A dashboard goes up on the screen. People nod.
Someone asks a sensible question.
Someone else offers an interpretation.
A third person disagrees.
And then the meeting ends.
- No decision.
- No clear action.
- No change in direction.
The dashboard did its job, technically speaking. It showed the data. The numbers were accurate. The visuals were clear. But nothing happened next.
This is the uncomfortable truth: showing information is not the same as enabling a decision.
Why dashboards feel useful but change very little
Most dashboards are built with good intentions. They’re designed to be comprehensive, neutral, and flexible. They show performance from multiple angles. They let the audience explore and “draw their own conclusions”. That sounds sensible.
In reality, it’s where things break down.
Humans don’t make decisions from charts. They make decisions from understanding. And understanding doesn’t come from being presented with options and hoping meaning will emerge. It comes from context, narrative, and relevance to a specific choice that needs to be made.
When a dashboard presents ten charts of equal importance, it silently asks the audience to do the hardest work themselves:
- What matters most?
- What should I focus on?
- What does this mean for the decision I’m responsible for?
Different people answer those questions differently. That’s why dashboards often create debate rather than direction.
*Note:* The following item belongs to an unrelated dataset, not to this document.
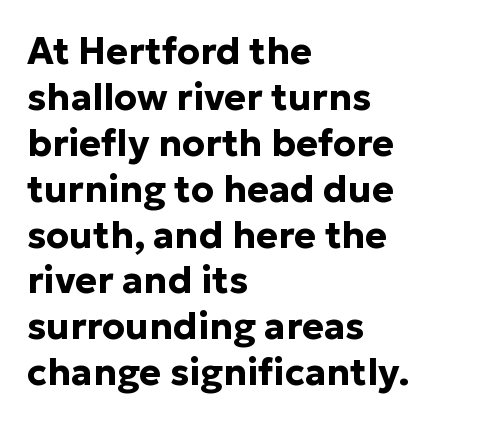
The image shows 37 px bold sans-serif type, upright; set left-aligned, line spacing 1.24x, normal letter spacing, not underlined; low stroke contrast and a medium x-height.

“Interesting” is not a success metric
One of the most dangerous words in analytics is interesting.
If someone looks at a dashboard and says, “That’s interesting,” what they usually mean is:
- I can see patterns
- I’m not sure what they imply
- I don’t yet know what to do
An interesting dashboard might get attention. It might even get praise. But if it leaves the audience thinking “Hmm…” instead of “Here’s what we need to do”, it has failed its most important job.
A successful analytics product doesn’t just inform. It reduces uncertainty at the moment a decision needs to be made.
The missing ingredient: decision intent
The real issue isn’t visualisation. Its intent.
Most dashboards are built by starting with the data:
- What tables do we have?
- What measures can we calculate?
- What breakdowns might be useful?
Decision-driven analytics starts somewhere else entirely:
- What decision is currently blocked?
- Who owns that decision?
- What would change if we had clarity?
When you start with the decision, everything else sharpens:
- Fewer metrics matter.
- Visuals become explanatory, not exploratory.
- The report develops a point of view.
This doesn’t mean manipulating the data or hiding nuance. It means accepting responsibility for guiding the audience, rather than outsourcing interpretation to them.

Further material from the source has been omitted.